元の世界へ vol.4
「この設定何なの!あんたの世界って、ろくなもんないわね!」
「いや、さすがに俺の世界でもこれはアブノーマルだよ。」
「何かイライラしてきた!こうなったらあたし1人で食べるわ!やけ食いよ!!」
「おい、俺の分は!おい!」
ルーナは、テーブルの上のパフェをヤケクソに食う。
(腹空かせたゴリラみたいだな、こいつ…)
「はっ?あんた何か言った?」
ヤケクソゴリラのルーナは、心の声まで読み取る性能があるらしい。
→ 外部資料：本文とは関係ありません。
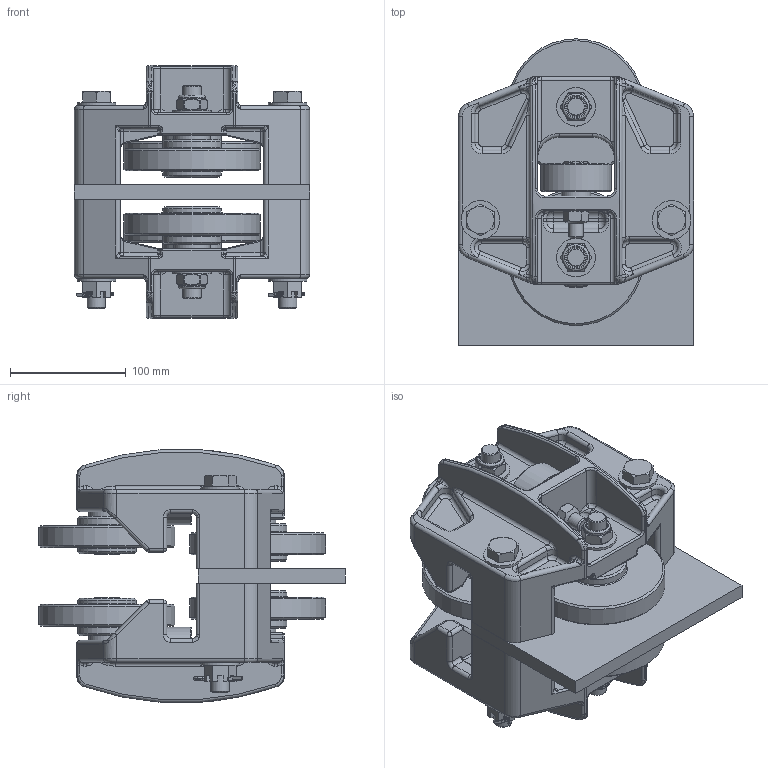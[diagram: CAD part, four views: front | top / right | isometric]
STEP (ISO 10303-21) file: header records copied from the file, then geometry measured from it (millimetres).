
FILE_DESCRIPTION((''),'2;1');
FILE_NAME('10310.stp','2011-03-31T08:36:55',('jholman'),(''),'Autodesk Inventor 2011','Autodesk Inventor 2011','');
FILE_SCHEMA(('AUTOMOTIVE_DESIGN { 1 0 10303 214 1 1 1 1 }'));
Length unit declared in the file: inch
Products named in the file (21): 10310; 3D1136B4D; 3D1143C4C; Hex Cap Screw - UNC (Regular Thread - Inch) 5/8-11 UNC - 7; Type A - Plain Washer (Inch) 5/8 - narrow - Type A; 3D1124B4A; 3D11X2B4A; 3D11A3C4C; 3D1193C4C; 3D1163C4C; 3D11A6B4A; 3D1173C4C; 3D1183C4B; Hex Bolt - UNC (Regular Thread - Inch) 1/2-13 UNC - 2.5; Prevailing Torque Type Hex Nut - UNC (Regular Thread - Inch)  (IFI) 1/2 - 13 Metal Type; 3D11S0C4C; 3D11P0C4C; 3D11W6B4B; 3D11V0C4A; 3D11D3C4B; 3D1134G4A
Assembly tree (47 placements, depth 4):
  10310
    3D1136B4D  x2
    3D1143C4C
    Hex Cap Screw - UNC (Regular Thread - Inch) 5/8-11 UNC - 7  x2
    Type A - Plain Washer (Inch) 5/8 - narrow - Type A  x8
    3D1124B4A  x2
    3D11X2B4A  x2
    3D11A3C4C  x2
      3D1193C4C
        3D1163C4C
        3D11A6B4A
        3D1173C4C
      3D1183C4B
      Hex Bolt - UNC (Regular Thread - Inch) 1/2-13 UNC - 2.5
    Prevailing Torque Type Hex Nut - UNC (Regular Thread - Inch)  (IFI) 1/2 - 13 Metal Type  x2
    3D11S0C4C  x4
      3D11P0C4C
      3D11W6B4B
      3D11A6B4A
    3D11V0C4A  x4
    3D11D3C4B  x4
    3D1134G4A  x4
Bounding box: 203.2 x 264.43 x 218.87 mm (x, y, z)
Volume: 3224916.9 mm3; surface area: 634213.8 mm2
Topology: 57 solids, 57 shells, 2342 faces, 5462 edges, 3104 vertices
Faces by surface type: cylinder 724, bspline 642, plane 484, torus 294, cone 134, sphere 64
Full cylindrical faces by diameter (mm): 3.969 x2, 10.592 x2, 12.7 x4, 13.081 x2, 13.097 x2, 13.386 x4, 13.494 x2, 14.351 x4, 15.875 x6, 16.272 x12, 16.662 x8, 16.954 x4, 16.98 x8, 17.066 x2, 17.374 x4, 19.05 x2, 21.431 x2, 23.114 x4, 25.4 x2, 31.75 x4, 33.325 x8, 33.528 x2, 34.036 x4, 40 x2, 40.005 x8, 40.056 x8, 40.488 x2, 42.443 x6, 50.8 x8, 60.96 x2
Entity records: 33250 total; most frequent: CARTESIAN_POINT 12772, DIRECTION 4156, ORIENTED_EDGE 4044, EDGE_CURVE 2022, AXIS2_PLACEMENT_3D 1773, VERTEX_POINT 1211, EDGE_LOOP 1045, CIRCLE 964

殺されると瞬時に察して、俺は首を横に振る。
計8個のパフェは一瞬にして無くなった。
ルーナは、また無言で立ち上がり、メニューを持ち出し、注文しに行った。
そして、こっちに戻ってきたと同時に、店員がまた違うパフェ8個を持ってきた。
また、ヤケクソに食うルーナ。
(おいおい…こいつ何個食う気何だよ…)
◆◇◆◇◆◇◆◇◆◇◆◇◆◇◆◇◆◇◆◇◆◇
とある公園。ボロボロのスーツを着たヒゲ面の男が1人ベンチでうなだれている。
「クッソ!何もかもうまくいかねー!何で俺はこんなについてねーんだ!仕事もプライベートも!」
ビールを飲みながら1人叫ぶ。
どうやらかなり酔っている様子。
「クックックッ。かなり飲まれているようですね〜。」
男の目の前には黒いローブを着た見知らぬ男。フードを深く被り顔は見えない。
「何だてめぇ!!バカにしてんのか!あっ!」
黒いローブ男に詰め寄るヒゲ面の男。
「クックックッ。まあ、そう焦らずとも。あなたは、何かお困りのようでは?」
黒いローブの男は言う。
「うるせー、バカ野郎!通りすがりの野郎に俺の何が分かるんだ!とっとと、俺の前から去れ!」
ヒゲ面の男は、黒いローブの男を突き飛ばそうとした瞬間、ヒゲ面の男の身体が氷のように止まった。
「クックックッ。分かりますよ〜。人は何もかもがうまくいかなくなると自暴自棄になるものですよ〜。そうだ!どうです、私があなたを幸せにしてさしあげますよ〜。」
黒いローブの男は、何かを取り出しヒゲ面の男に向ける。
「術式を構築。術式解放。ファフニールの紋章よ。彼に新なる力を与えよ。」
すると、ヒゲ面の男は、唸り声をあげ、黒い妖気に包まれていった。
「さあ、ショータイムの始まりですよ〜。また楽しませてくださいね〜、翔太くん。」
◆◇◆◇◆◇◆◇◆◇◆◇◆◇◆◇◆◇◆◇◆◇
「おい、ルーナ。お前どんだけ食ったんだよ。」
「40…うっ、気持ち悪い…吐きそう。」
「おい!やめろ!こんなとこで吐くな。」
ルーナはやけ食いのおかげで完全にグロッキー状態。歩くことすら出来ないルーナを俺がおんぶしている状況。
「ちょっと…休憩…したい。」
「分かった!ここで吐かれても困る。よし、あそこの公園のベンチで休憩しよう。」
ルーナをベンチに横になったまま青ざめた顔をしている。俺は、ベンチの淵に座りルーナの背中をさする。完全に看護師状態だ。
「大丈夫か?ルーナ。」
「どうやら大丈夫じゃなさそうに見えるね〜、そこの彼女は。」
前を向くと不気味な男が、不敵な笑みを浮かべて俺たちの目の前に立っていた。